It's been raining but has stopped when I leave the house in West Edinburgh. There is a fair bit of cloud but blue patches too. More worrying is the wind. The tree tops are shaking away. If things go well I may be trying to cross the Forth Road Bridge today, and for that I need it fairly calm.

I was really quite knackered last night but seem to have recovered well. I get the right bus into town (having got the wrong one out last night). These Edinburgh buses are like the Glasgow ones, they don't give change. So I nip into a shop and buy an Edinburgh street map and then get a £3.00 all day ticket confident that it is a bargain. The bus driver is a bit off-hand. Last night when I did not know where to take the ticket from someone behind me told me but in a gruff, impatient way (with the subtext, look, it's here you dim Englishman/Tourist).

This driver, like the two last night is brusque to abrupt. I find it strange because I am used to Glasgow where people are usually friendly and helpful if not positively garrulous. I am beginning to think that the stereotypes may be accurate.

I change buses just out of the centre. I have only had a quick breakfast bar and am still hungry so a pie shop proves irresistible. Tragically their Scotch pies are not ready. So I trudge off sadly to catch my bus back to the Park and Ride. The bus is a different sort to the one I got the all day ticket from and I have to buy another ticket.    Oh well at least the Park and Ride waiting room is gleaming new with clean toilets. Very handy.

And so I set off back into Edinburgh.  Very soon I see a sign announcing that I am in the city. I go up a hill and down it past the Royal Infirmary. Then it is a gentle hill up to a very confusingly signposted roundabout and Cameron Toll shopping centre, where I stop for a cappucino.

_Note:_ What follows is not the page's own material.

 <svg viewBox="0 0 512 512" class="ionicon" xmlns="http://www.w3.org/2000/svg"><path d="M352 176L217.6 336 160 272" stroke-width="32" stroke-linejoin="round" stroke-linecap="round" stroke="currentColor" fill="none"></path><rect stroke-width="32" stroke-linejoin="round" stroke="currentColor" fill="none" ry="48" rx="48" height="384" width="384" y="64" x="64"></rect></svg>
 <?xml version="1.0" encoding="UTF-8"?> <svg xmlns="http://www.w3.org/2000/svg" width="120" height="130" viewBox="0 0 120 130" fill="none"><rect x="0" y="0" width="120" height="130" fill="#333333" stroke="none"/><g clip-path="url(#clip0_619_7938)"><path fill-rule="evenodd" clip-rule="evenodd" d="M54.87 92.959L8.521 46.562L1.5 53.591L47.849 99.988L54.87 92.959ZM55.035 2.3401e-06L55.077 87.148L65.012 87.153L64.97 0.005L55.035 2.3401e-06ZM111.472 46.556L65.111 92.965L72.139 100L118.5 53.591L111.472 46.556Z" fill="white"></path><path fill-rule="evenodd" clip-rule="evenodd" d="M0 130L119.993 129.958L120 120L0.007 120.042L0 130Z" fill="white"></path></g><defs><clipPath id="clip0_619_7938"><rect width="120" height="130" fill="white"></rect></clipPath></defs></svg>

I get turned around on my way out, the entrances to the precinct look alike and I think I take a different one out. But fortunately I have the street map and soon work out where I am and that I might as well continue on this road, though it is a different one from the bus route.  So instead of the A7 I continue on in on the A77 or Craigmiller Park which is a long straight road of substantial stone houses, most of which now seem to be hotels.  This becomes Minto Street and at the top of a long hill it changes quite suddenly, becoming studenty with lots of cafes and young people bustling about.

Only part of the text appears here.